▶ Exercise goal:
Report every line of the records below that includes the string "noise".
- - - - - - -
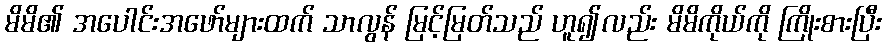
မိမိ၏ အပေါင်းအဖော်များထက် သာလွန် မြင့်မြတ်သည် ဟူ၍လည်း မိမိကိုယ်ကို ကြိုးစားပြီး
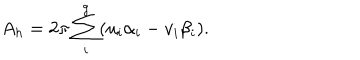
LaTeX: A _ { h } = 2 \pi \sum _ { i } ^ { g } ( u _ { i } \alpha _ { i } - v _ { i } \beta _ { i } ) .
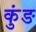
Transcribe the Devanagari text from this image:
कुंङ
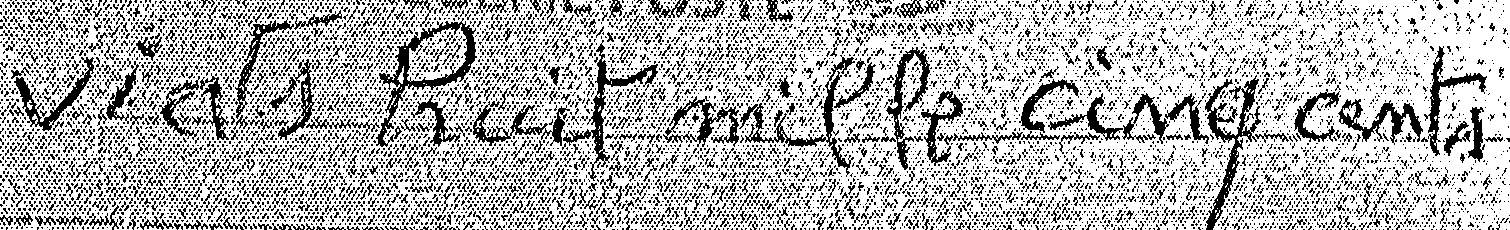
vints huit mille cinq cents
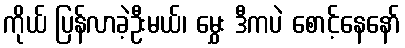
ကိုယ် ပြန်လာခဲ့ဦးမယ်၊ မွှေး ဒီကပဲ စောင့်နေနော်
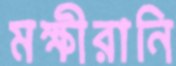
মক্ষীরানি
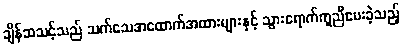
ချိန်ဆသင့်သည် သက်သေအထောက်အထားများနှင့် သွားရောက်ကူညီပေးခဲ့သည့်
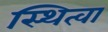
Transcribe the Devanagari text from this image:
स्थित्वा
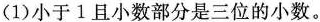
(1)小于1且小数部分是三位的小数。
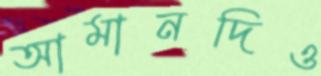
আমানদিও
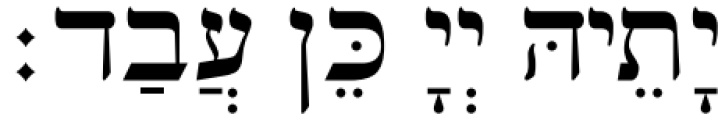
יָתֵיהּ יְיָ כֵּן עֲבַד׃
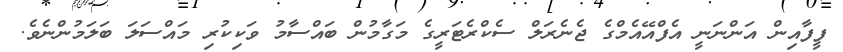
ފީފާއިން އަންނަނީ އެފްއޭއެމްގެ ޖެނެރަލް ސެކްރެޓަރީގެ މަގާމުން ބައްސާމު ވަކިކުރި މައްސަލަ ބަލަމުންނެވެ.
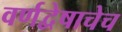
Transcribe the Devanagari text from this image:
वर्णद्वेषाचेच
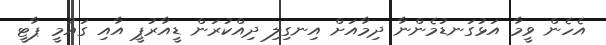
އެހެން ވީމާ އަޅުގަނޑުމެންނާ ދިމާއަށް އިނގިލި ދިއްކުރަން ޑީއާރުޕީ އާއި ގައުމީ ޕާޓީ
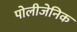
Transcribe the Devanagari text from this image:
पोलीजेनिक
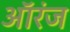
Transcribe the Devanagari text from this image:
ऑरंज
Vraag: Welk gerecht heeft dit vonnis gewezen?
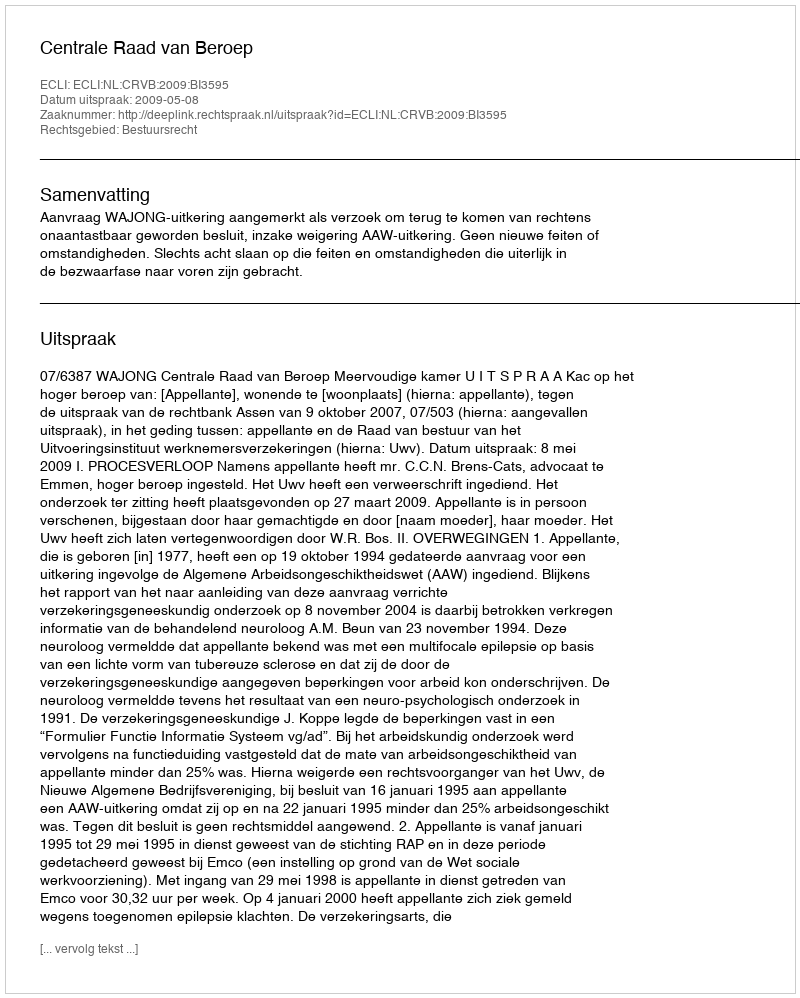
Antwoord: Centrale Raad van Beroep
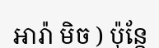
អារ៉ា មិច ) ប៉ុន្តែ
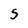
Character: 5
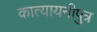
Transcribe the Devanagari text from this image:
कात्यायनीपुत्र
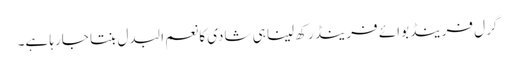
گرل فرینڈ بوائے فرینڈ رکھ لینا ہی شادی کا نعم البدل بنتا جارہا ہے۔
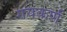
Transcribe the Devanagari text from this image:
गयकर्ण
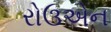
રોઉએન
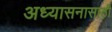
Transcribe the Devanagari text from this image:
अध्यासनासाठी
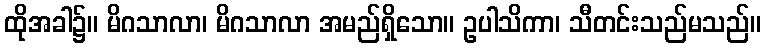
ထိုအခါ၌။ မိဂသာလာ၊ မိဂသာလာ အမည်ရှိသော။ ဥပါသိကာ၊ သီတင်းသည်မသည်။
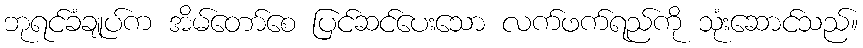
ဘုရင်ခံချုပ်က အိမ်တော်စေ ပြင်ဆင်ပေးသော လက်ဖက်ရည်ကို သုံးဆောင်သည်။
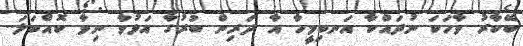
ބޭކާރު ވާހަކަ ނުދައްކާ އަނބިމީހާ އާ ދަރިން ބުރުގާ އަޅުވާ ނިވާ ކޮއްބަލަ..
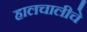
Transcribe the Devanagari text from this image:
हालचालीचे
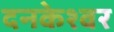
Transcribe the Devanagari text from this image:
दनकेश्वर
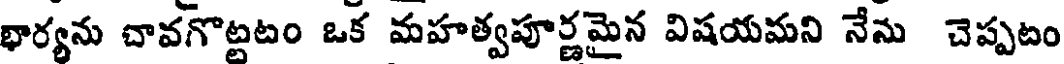
భార్యను చావగొట్టటం ఒక మహత్వపూర్ణమైన విషయమని నేను చెప్పటం
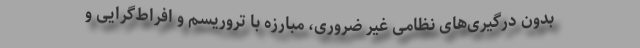
بدون درگیری‌های نظامی غیر ضروری، مبارزه با تروریسم و افراط‌گرایی و
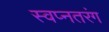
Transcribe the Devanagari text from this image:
स्वप्नतरंग
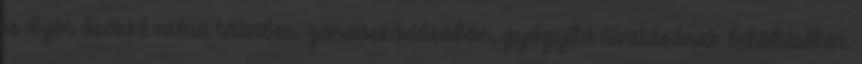
is ilyen ősökké válna tetteiben, gondoskodásában, gyógyító hivatásának betöltésében.
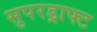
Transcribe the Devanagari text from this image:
सुपरड्राफ्ट
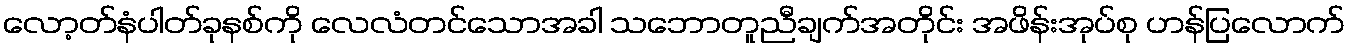
လော့တ်နံပါတ်ခုနစ်ကို လေလံတင်သောအခါ သဘောတူညီချက်အတိုင်း အဖိန်းအုပ်စု ဟန်ပြလောက်
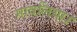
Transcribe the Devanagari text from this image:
मावलिया।
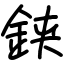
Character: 𨦇
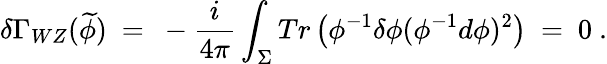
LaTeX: \delta\Gamma_{WZ}(\widetilde{\phi})\ =\ -\frac{i}{4\pi}\int_{\Sigma}Tr\left(\phi^{-1}\delta\phi(\phi^{-1}d\phi)^{2}\right)\ =\ 0\ .
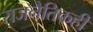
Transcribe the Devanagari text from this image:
राजनैतिकही
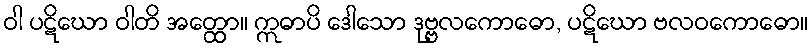
ဝါ ပဋိဃော ဝါတိ အတ္ထော။ ဣဓာပိ ဒေါသော ဒုဗ္ဗလကောဓော, ပဋိဃော ဗလဝကောဓော။
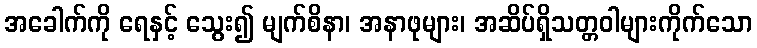
အခေါက်ကို ရေနှင့် သွေး၍ မျက်စိနာ၊ အနာဖုများ၊ အဆိပ်ရှိသတ္တဝါများကိုက်သော
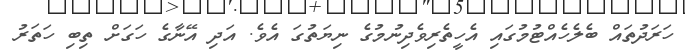
ހަރަދުތައް ބެލެހެއްޓުމުގައި އެހީތެރިވެދިނުމުގެ ނިޔަތުގަ އެވެ. އަދި އޭނާގެ ހަގަށް ތިބި ހަތަރު
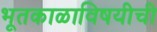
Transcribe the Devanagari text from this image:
भूतकाळाविषयीची
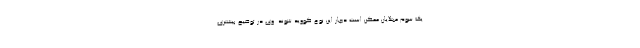
یک سوم مبتلایان ممکن است دچار این نوع کووید شوند. وی در توضیح بیشتری
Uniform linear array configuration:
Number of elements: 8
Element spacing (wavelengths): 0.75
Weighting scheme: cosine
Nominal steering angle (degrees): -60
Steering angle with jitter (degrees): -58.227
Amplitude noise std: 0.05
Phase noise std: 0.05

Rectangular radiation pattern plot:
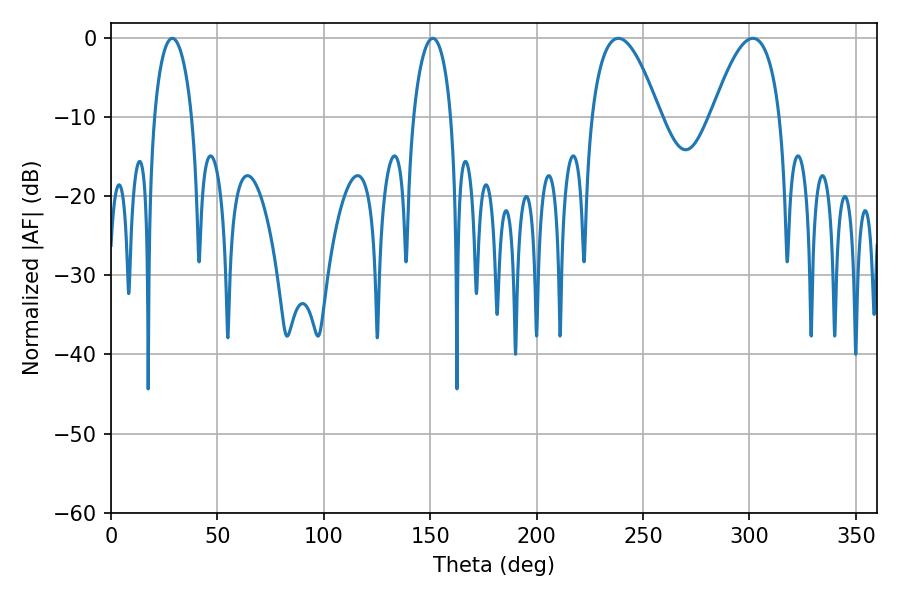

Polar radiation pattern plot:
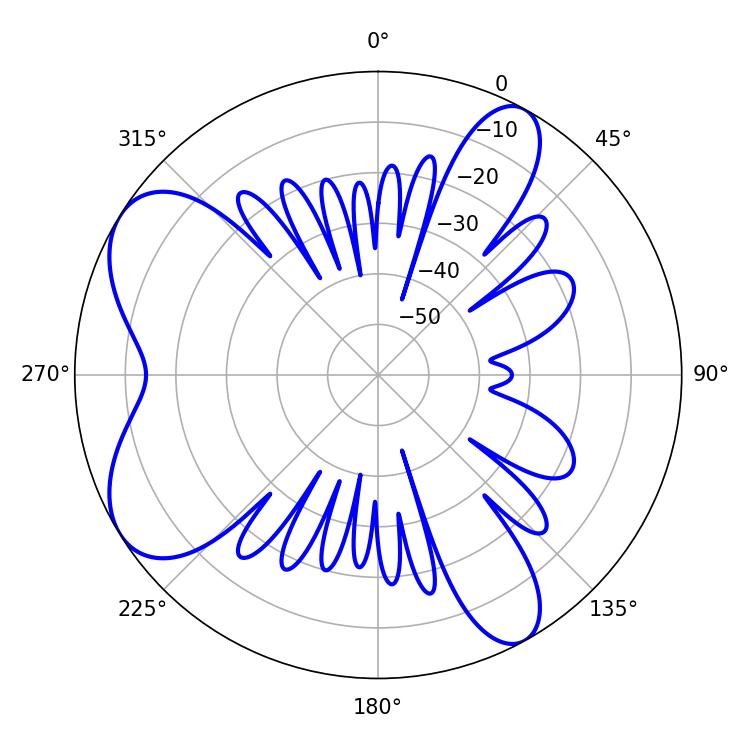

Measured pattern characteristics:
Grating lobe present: TRUE
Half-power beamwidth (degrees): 10.08
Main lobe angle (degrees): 28.8
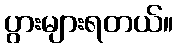
ပွားများရတယ်။
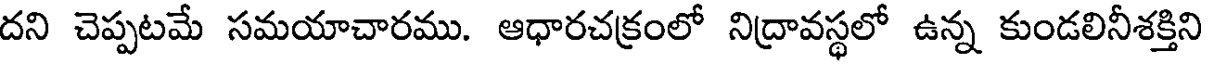
దని చెప్పటమే సమయాచారము. ఆధారచక్రంలో నిద్రావస్థలో ఉన్న కుండలినీశక్తిని
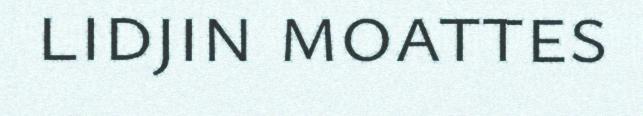
lidjin moattes
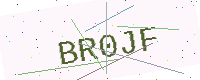
Text: BR0JF
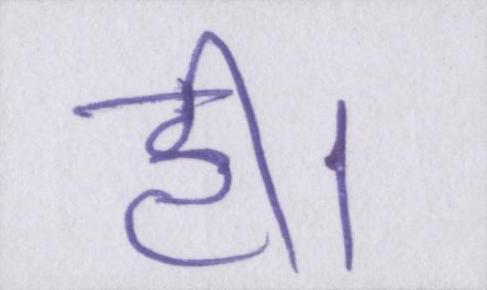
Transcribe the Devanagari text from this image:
ही।
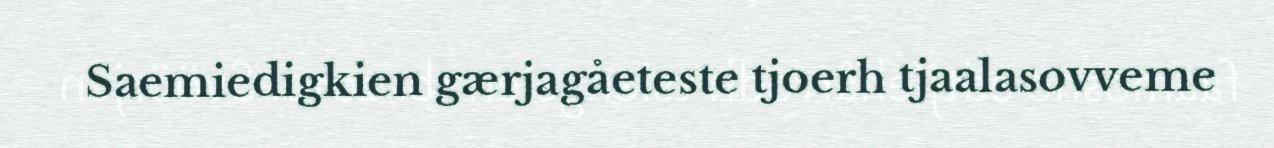
Saemiedigkien gærjagåeteste tjoerh tjaalasovveme
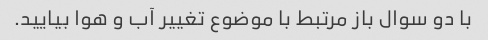
با دو سوال باز مرتبط با موضوع تغییر آب و هوا بیایید.
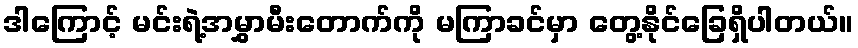
ဒါကြောင့် မင်းရဲ့အမွှာမီးတောက်ကို မကြာခင်မှာ တွေ့နိုင်ခြေရှိပါတယ်။
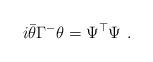
LaTeX: \begin{align*}i\bar\theta \Gamma^-\theta=\Psi^\top \Psi\ .\end{align*}
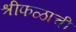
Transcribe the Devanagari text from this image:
श्रीफळाची
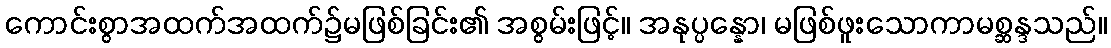
ကောင်းစွာအထက်အထက်၌မဖြစ်ခြင်း၏ အစွမ်းဖြင့်။ အနုပ္ပန္နော၊ မဖြစ်ဖူးသောကာမစ္ဆန္ဒသည်။
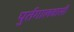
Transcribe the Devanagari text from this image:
पुर्तगालवासी
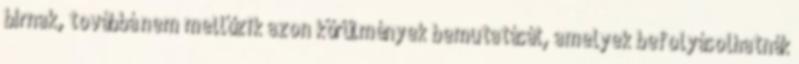
bírnak, továbbá nem mellőzik azon körülmények bemutatását, amelyek befolyásolhatnák
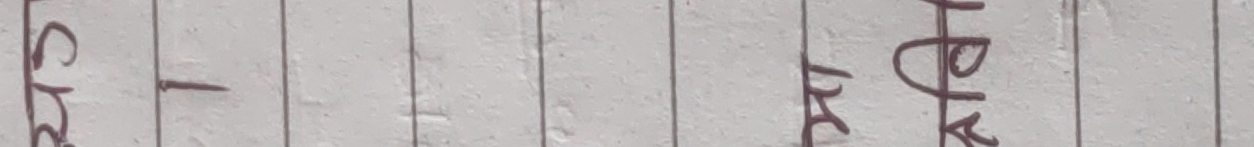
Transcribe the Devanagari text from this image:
श्री - कोप
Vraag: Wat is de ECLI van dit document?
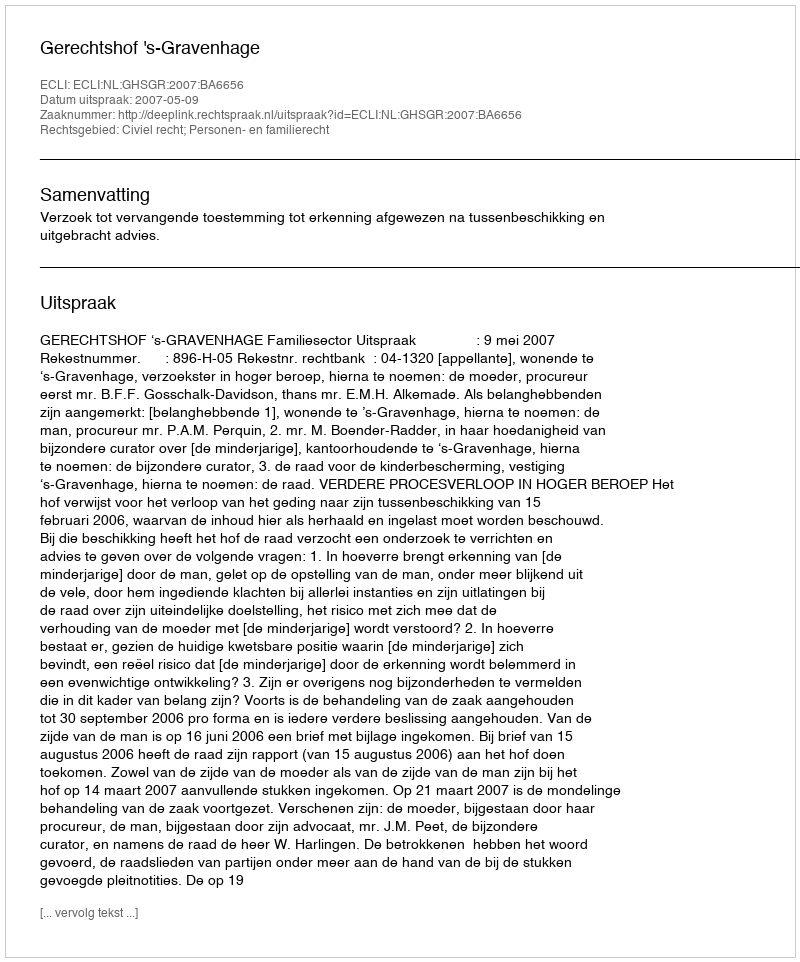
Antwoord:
- - - - - - -
▶ Result of this task:
Amplitude noise std: 0.05
Phase noise std: 0.05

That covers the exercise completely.